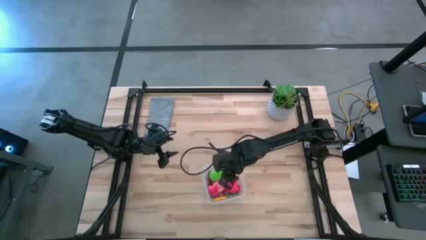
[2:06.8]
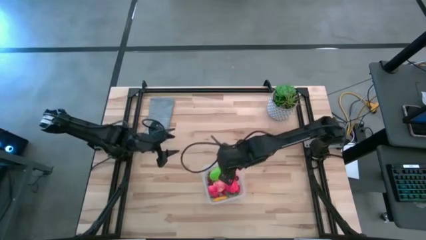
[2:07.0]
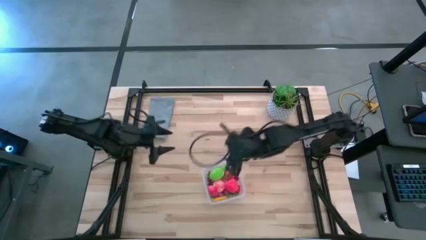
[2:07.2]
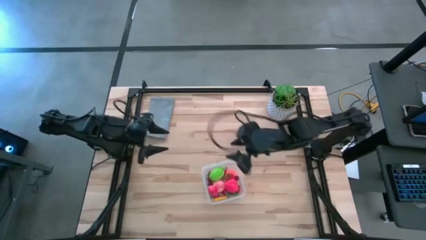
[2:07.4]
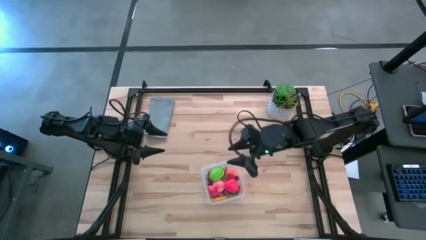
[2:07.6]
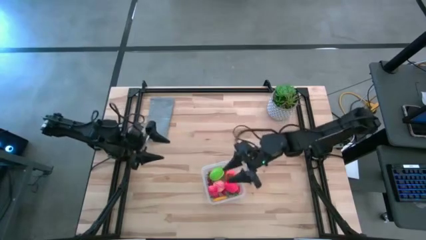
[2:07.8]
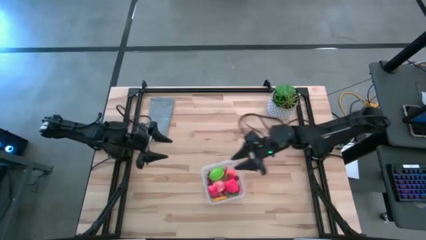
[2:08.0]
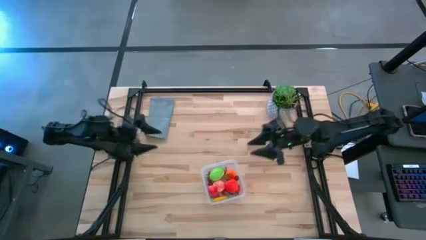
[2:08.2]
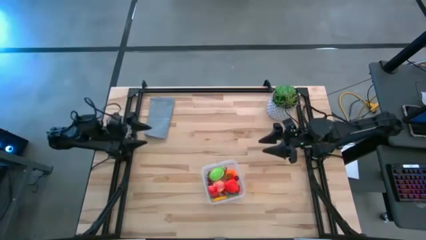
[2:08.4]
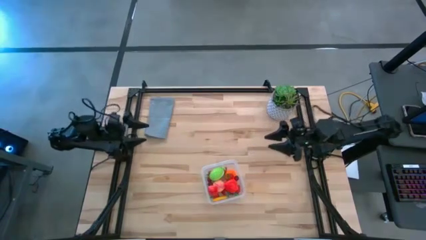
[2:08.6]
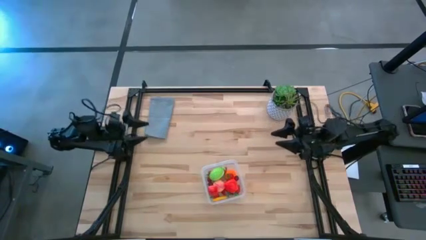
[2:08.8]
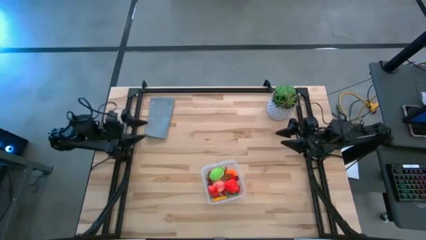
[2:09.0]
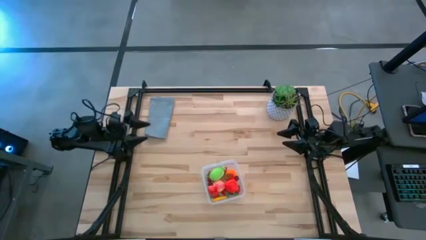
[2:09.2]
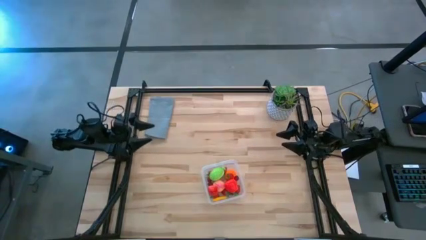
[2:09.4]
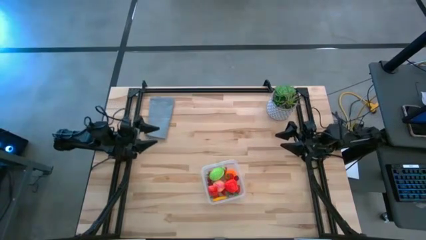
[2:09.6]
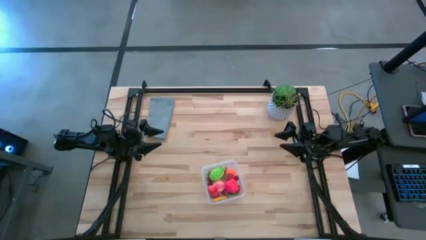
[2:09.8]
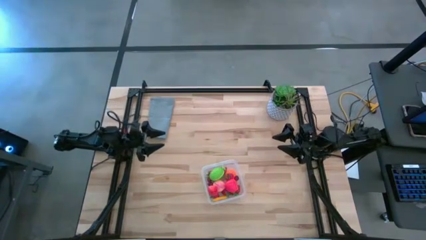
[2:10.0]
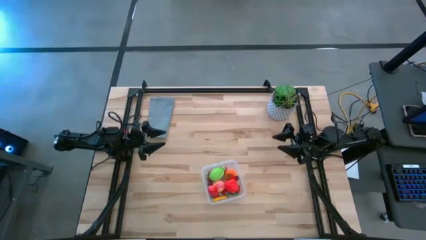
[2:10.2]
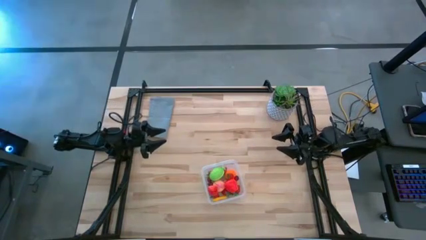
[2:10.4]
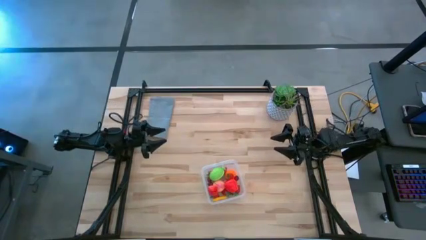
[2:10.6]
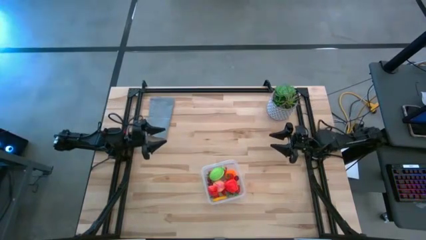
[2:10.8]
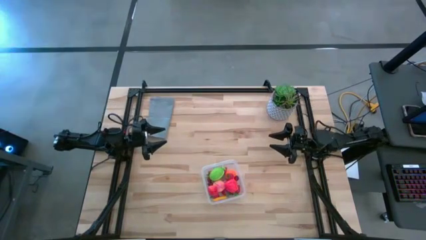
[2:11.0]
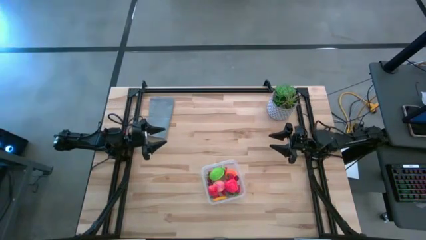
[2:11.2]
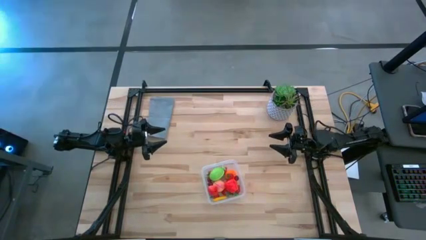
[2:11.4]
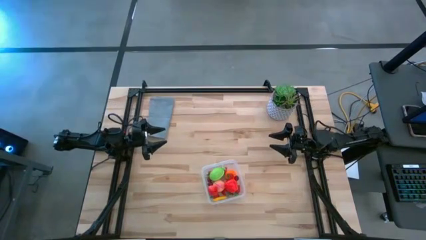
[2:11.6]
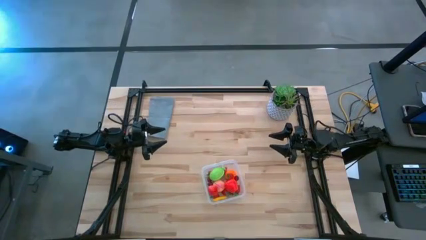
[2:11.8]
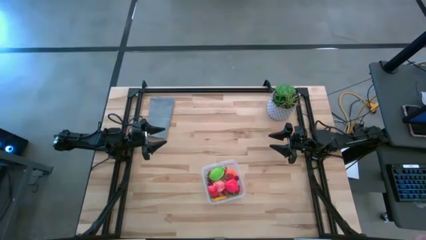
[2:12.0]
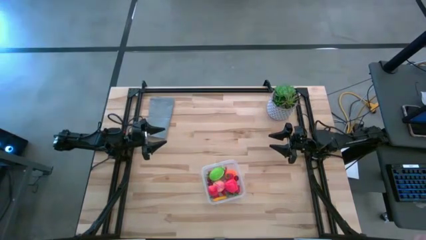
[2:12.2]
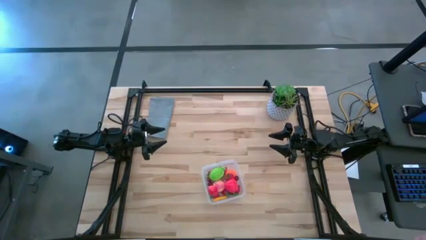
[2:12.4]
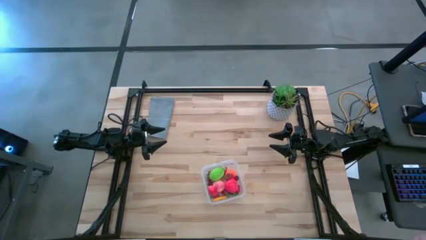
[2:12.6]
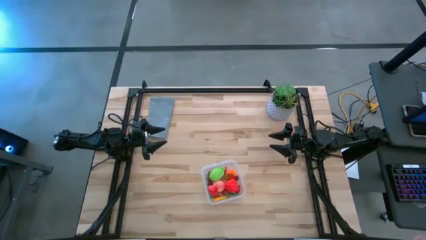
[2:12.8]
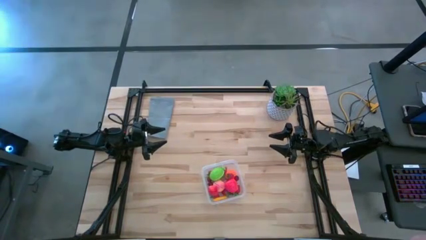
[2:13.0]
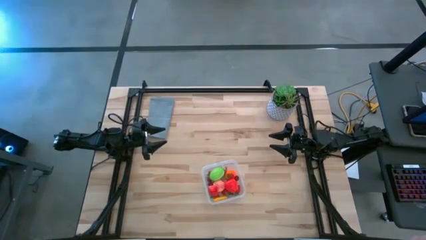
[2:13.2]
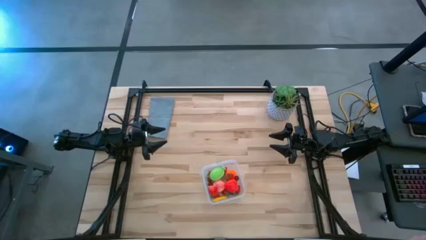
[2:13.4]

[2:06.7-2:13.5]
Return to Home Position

**Work required**
Without including the pictures, return each record above exactly as it stands.

**Task response**
[2:06.8]
[2:07.0]
[2:07.2]
[2:07.4]
[2:07.6]
[2:07.8]
[2:08.0]
[2:08.2]
[2:08.4]
[2:08.6]
[2:08.8]
[2:09.0]
[2:09.2]
[2:09.4]
[2:09.6]
[2:09.8]
[2:10.0]
[2:10.2]
[2:10.4]
[2:10.6]
[2:10.8]
[2:11.0]
[2:11.2]
[2:11.4]
[2:11.6]
[2:11.8]
[2:12.0]
[2:12.2]
[2:12.4]
[2:12.6]
[2:12.8]
[2:13.0]
[2:13.2]
[2:13.4]

[2:06.7-2:13.5]
Return to Home Position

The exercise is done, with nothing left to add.